REQUIRED WORK »
Please repeat the records beneath this task exactly as they appear, but skip the images.

SOURCE INFORMATION »
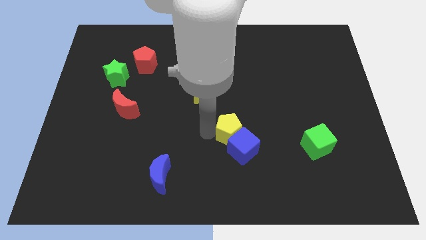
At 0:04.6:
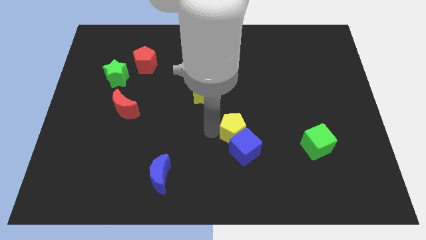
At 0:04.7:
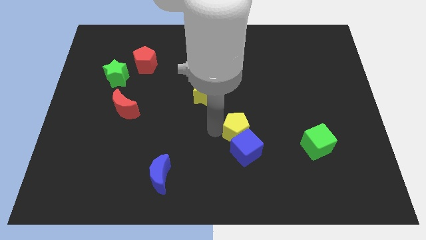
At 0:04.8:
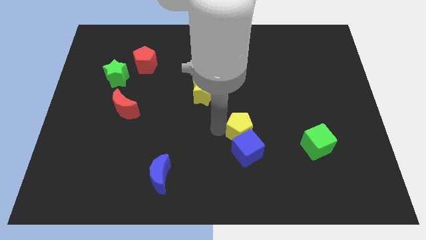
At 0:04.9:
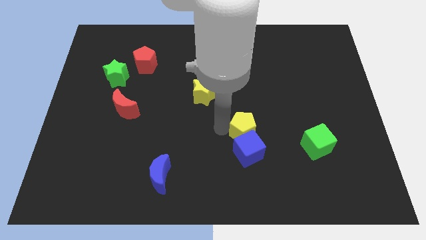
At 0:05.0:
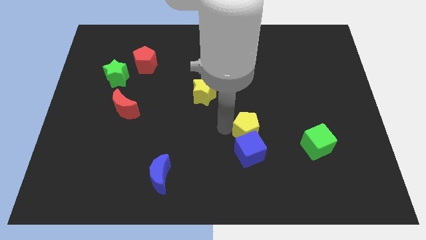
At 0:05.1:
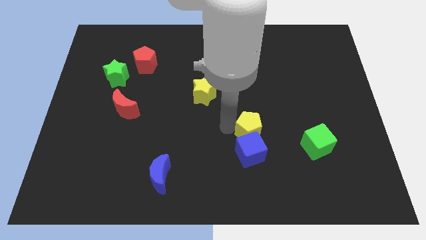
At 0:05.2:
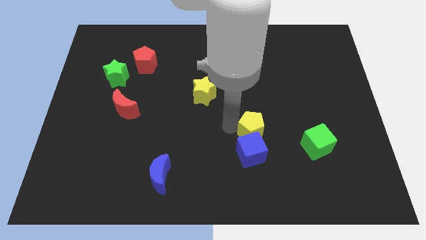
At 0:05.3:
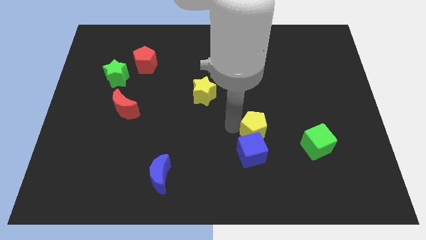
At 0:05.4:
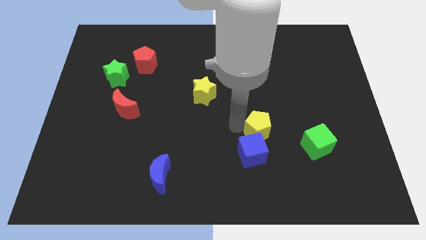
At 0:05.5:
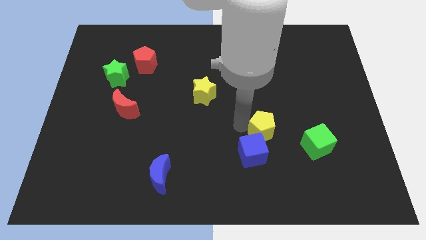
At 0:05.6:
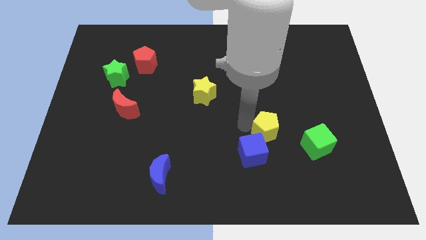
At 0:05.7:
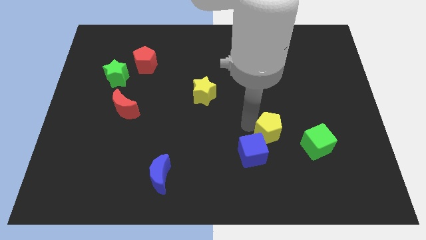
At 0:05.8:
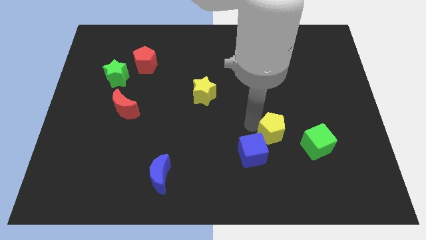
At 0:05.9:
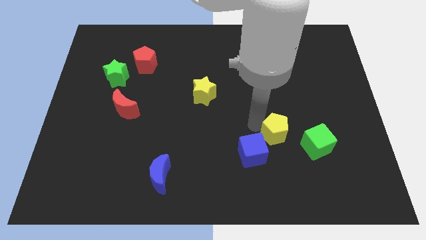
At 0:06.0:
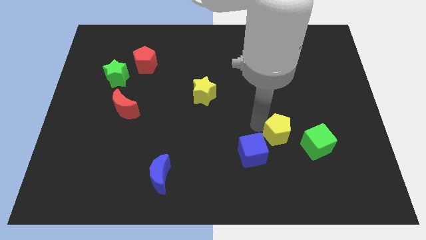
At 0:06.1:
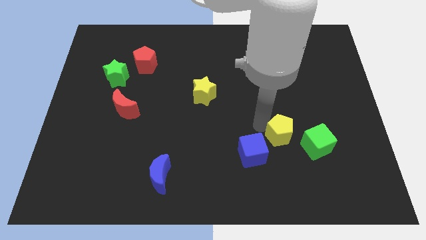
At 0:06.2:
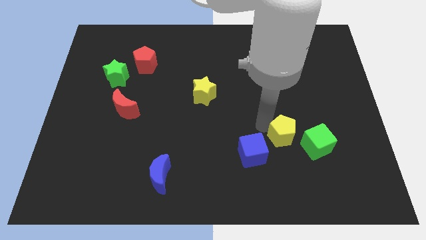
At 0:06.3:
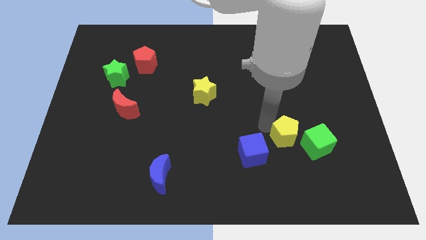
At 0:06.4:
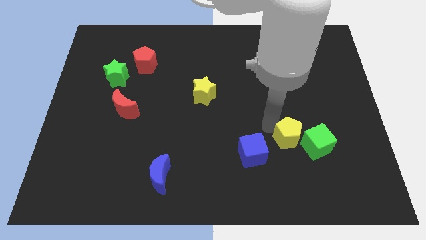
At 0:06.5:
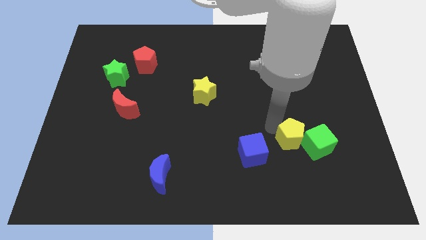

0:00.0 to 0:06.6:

OUTPUT FOR THIS EXERCISE »
At 0:04.6:
At 0:04.7:
At 0:04.8:
At 0:04.9:
At 0:05.0:
At 0:05.1:
At 0:05.2:
At 0:05.3:
At 0:05.4:
At 0:05.5:
At 0:05.6:
At 0:05.7:
At 0:05.8:
At 0:05.9:
At 0:06.0:
At 0:06.1:
At 0:06.2:
At 0:06.3:
At 0:06.4:
At 0:06.5:

0:00.0 to 0:06.6:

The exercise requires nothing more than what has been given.